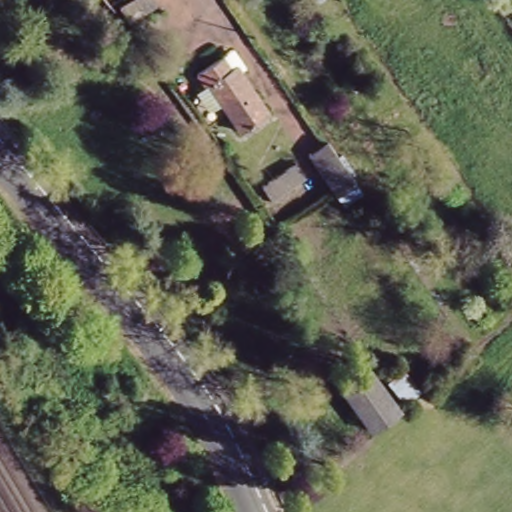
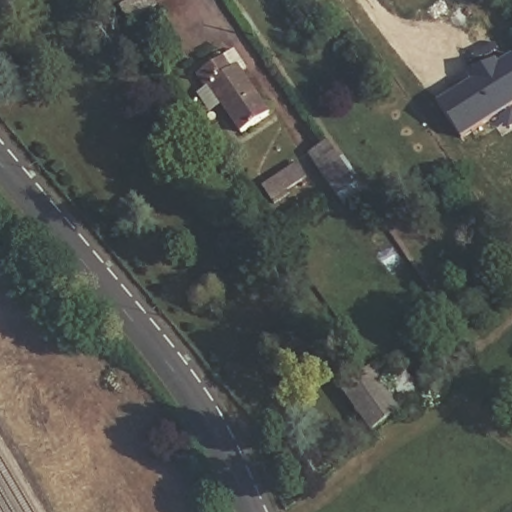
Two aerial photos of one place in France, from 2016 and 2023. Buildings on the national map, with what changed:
unchanged [(120,0),(148,0),(126,12),(120,0)]
new [(463,142),(436,105),(468,82),(466,79),(494,60),(497,64),(512,55),(512,111),(463,142)]
unchanged [(240,135),(207,87),(203,90),(195,79),(219,62),(227,74),(233,69),(238,76),(266,116),(240,135)]
unchanged [(334,200),(306,160),(326,145),(354,186),(334,200)]
unchanged [(314,188),(279,211),(258,184),(294,161),(314,188)]
unchanged [(371,370),(398,409),(371,429),(343,391),(371,370)]

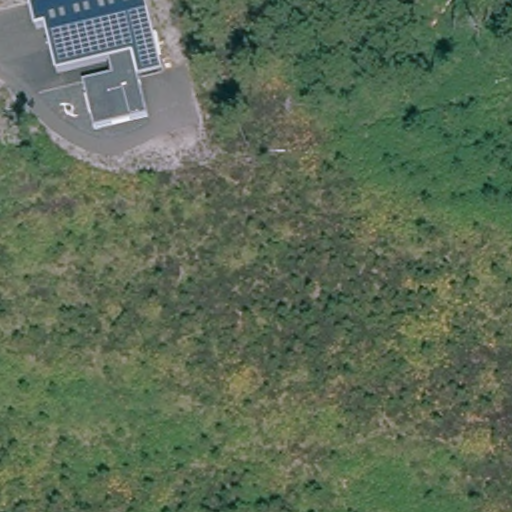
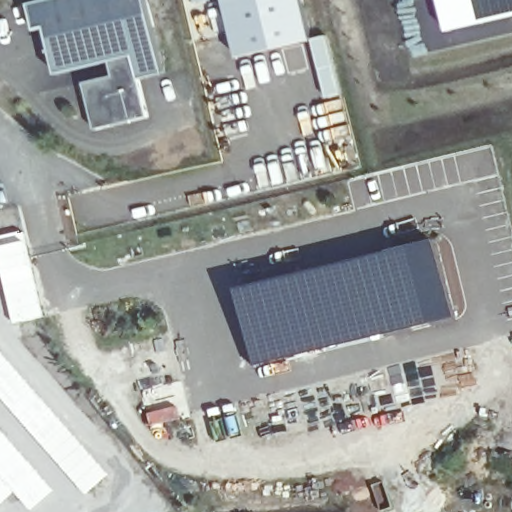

Exercise details -
Repeat the entries word for word and skip the pictures.

Response box -
Two aerial photos of one place in France, from 2016 and 2023. Buildings on the national map, with what changed:
unchanged [(120,0),(148,0),(126,12),(120,0)]
new [(463,142),(436,105),(468,82),(466,79),(494,60),(497,64),(512,55),(512,111),(463,142)]
unchanged [(240,135),(207,87),(203,90),(195,79),(219,62),(227,74),(233,69),(238,76),(266,116),(240,135)]
unchanged [(334,200),(306,160),(326,145),(354,186),(334,200)]
unchanged [(314,188),(279,211),(258,184),(294,161),(314,188)]
unchanged [(371,370),(398,409),(371,429),(343,391),(371,370)]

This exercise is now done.